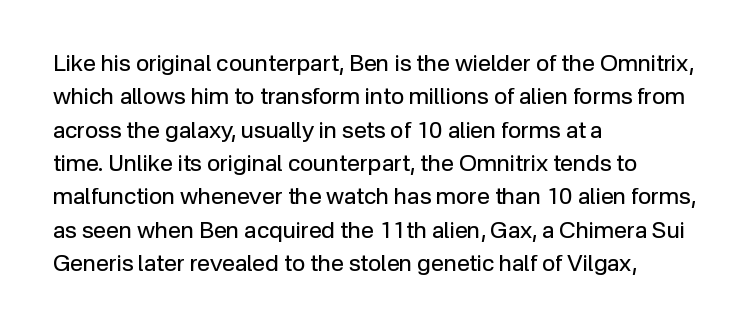
{"italic": "no", "bold": "no", "underline": "no", "align": "left", "line_spacing": "normal", "line_spacing_ratio": 1.45, "letter_spacing": "normal", "letter_spacing_em": 0.0, "glyph_px": 23}
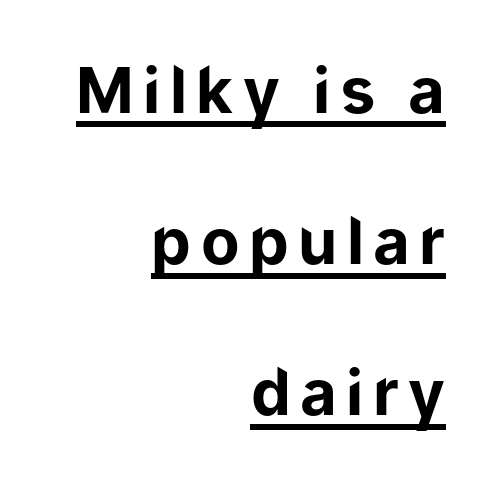
Q: Is the text bold? A: Yes.
Q: Is the text italic (slanted)? A: No, it is upright.
Q: Is the typeface a serif or a sans-serif typeface? A: Sans-serif.
Q: Is the text underlined? A: Yes.
Q: How is the paragraph aligned? A: Right-aligned.
Q: Is the spacing between lines tight, normal or loose? A: Loose.
Q: Width (condensed, normal, or wide)? A: Normal.
Q: Stroke contrast? A: Low.
Q: x-height? A: Medium.
Q: Monospaced? A: No.
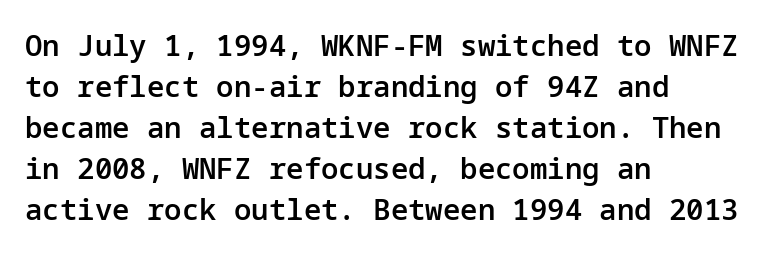
The image shows 29 px semibold sans-serif type, upright; set left-aligned, normal line spacing (1.41x), normal letter spacing, not underlined; low stroke contrast and a medium x-height.
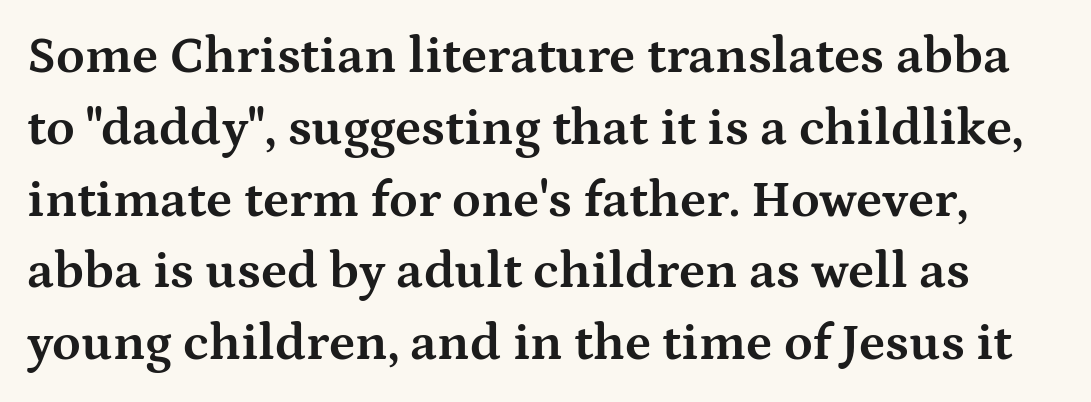
Tracking value appears to be zero — textbook default spacing. Just letters on the line, the space beneath them empty. Regarding leading, the lines here are spaced in the standard way. I'd describe the lettering as bold — thick and assertive. Tall strokes in this sample are plumb rather than angled. Think of a printed novel: that variable character pitch is what you see here.
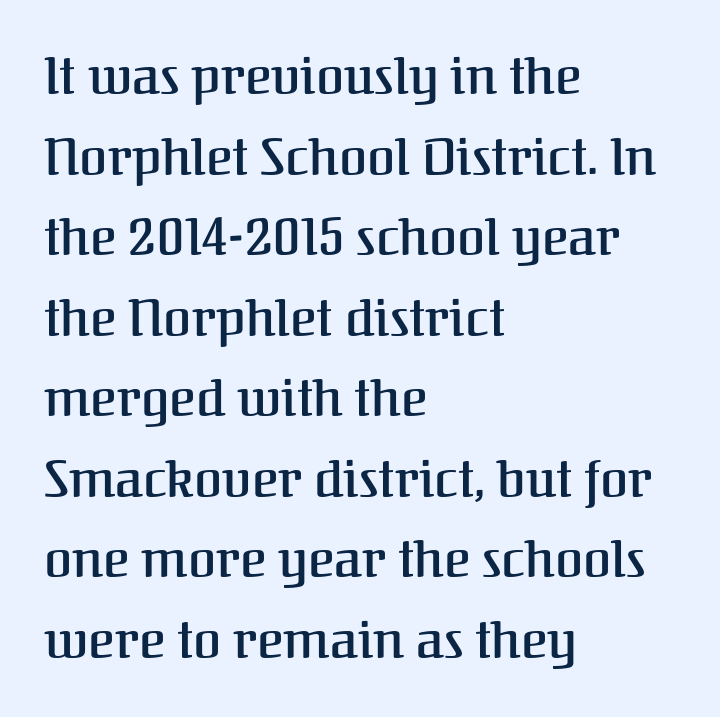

•••

**WORK INSTRUCTION:**
Before answering, find the line with "Q: Is the typeface" in the records above; then reproduce exactly each line from the first through that line, leaving out pictures.

**WRITTEN RESPONSE:**
{"italic": "no", "bold": "no", "underline": "no", "align": "left", "line_spacing": "normal", "line_spacing_ratio": 1.45, "letter_spacing": "normal", "letter_spacing_em": 0.0, "glyph_px": 23}
Q: Is the text bold? A: Yes.
Q: Is the text italic (slanted)? A: No, it is upright.
Q: Is the typeface a serif or a sans-serif typeface? A: Sans-serif.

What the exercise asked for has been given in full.